= Dolphin Club (Norway) =

Music club in Oslo, Norway

The Dolphin Club (Dolphins viseklubb) was a music club in Oslo, Norway.

The club was started at the initiative of the Norwegian painter and graphic artist Ole Hauki (a.k.a. Dolphin) on March 12, 1966. Hauki had returned from a stay in the United States, and brought the idea for the club back with him. Hauki managed the club for five years. The club's first meeting place was at what is now the Vegeta Vertshus restaurant (formerly known as Frisksportrestauranten) at Grensen no. 18 in Oslo. The venue was limited to 70 people and music evenings were held on Saturdays. The club was so popular that it also started meeting on Wednesdays. In 1968, the club relocated to the Masonic building, where there was room for 300. It became inactive in 1970.

The Dolphin Club started the Norwegian "ballad wave" (visebølgen). The movement therefore did not start in lugubrious cellars with wine and candles, but in an alcohol-free vegetarian café where carrot juice was the strongest drink.
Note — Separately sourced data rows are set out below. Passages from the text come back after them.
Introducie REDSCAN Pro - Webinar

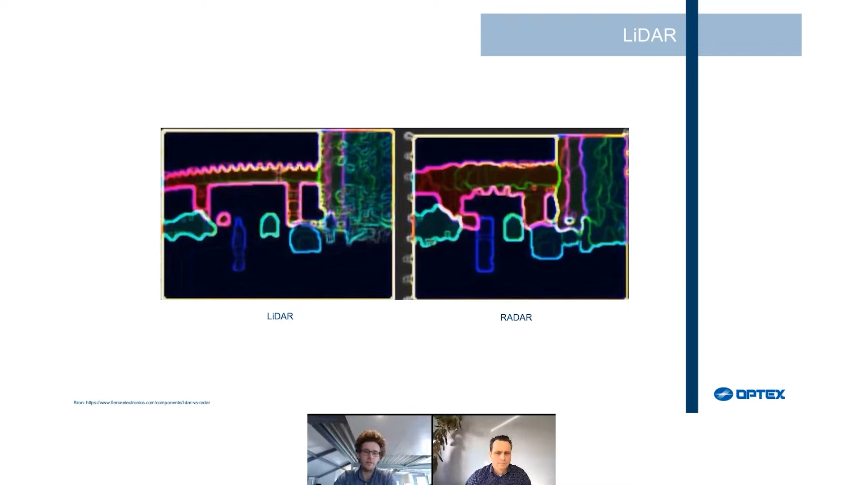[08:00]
Maar of het nou een groot object is of een klein object, dat kan je allemaal definiëren met behulp van de parameters van de lezer. En waar we gekozen hebben voor leider, is in dit geval de nauwkeurigheid.
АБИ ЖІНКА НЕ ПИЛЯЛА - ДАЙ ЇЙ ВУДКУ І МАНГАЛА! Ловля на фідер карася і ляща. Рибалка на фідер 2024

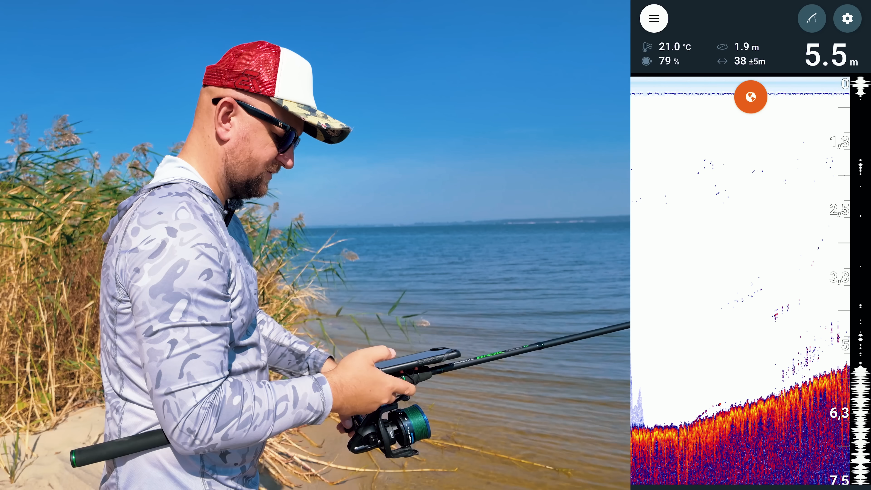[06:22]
On screen: depth 5.5 m, water 21.0°C
Оце вже далі, це вже не дуги, не дуги. Бачите, і, в принципі, потім починається така досить різка бровка. На викиді у нас там 7 метрів. І тут через цю бровку, якщо гарна риба буде, то треба буде так старатись, щоб рибу дістати. Бачите, прям стіна така тут у нас пішла. Фух. Ну, цікаво. Не знаю, як буде ловити в таких умовах. Ну, будемо пробувати.
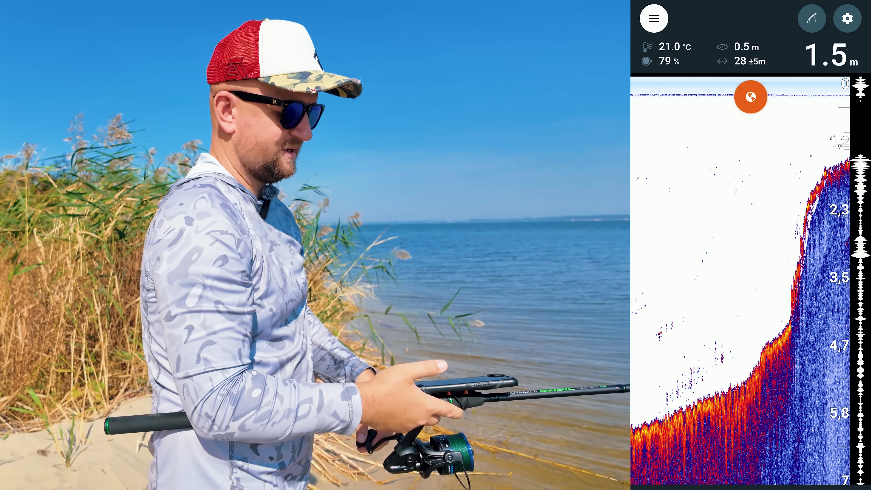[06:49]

The first group to appear at the Dolphin Club was The Sing Singers with Ole Hauki, Bjørn Tonhaugen, Karin Hvidsten, and Ole Paus. Others that were active there included Lillebjørn Nilsen, Kari Svendsen, Bjørn Morisse, Øystein Sunde, Lars Klevstrand, Hege Tunaal, Finn Kalvik, Jon Arne Corell, and Steinar Ofsdal, as well as groups such as Kinsfolk, Gruppe 4, Christiania Fusel & Blaagress, and The Young Norwegians.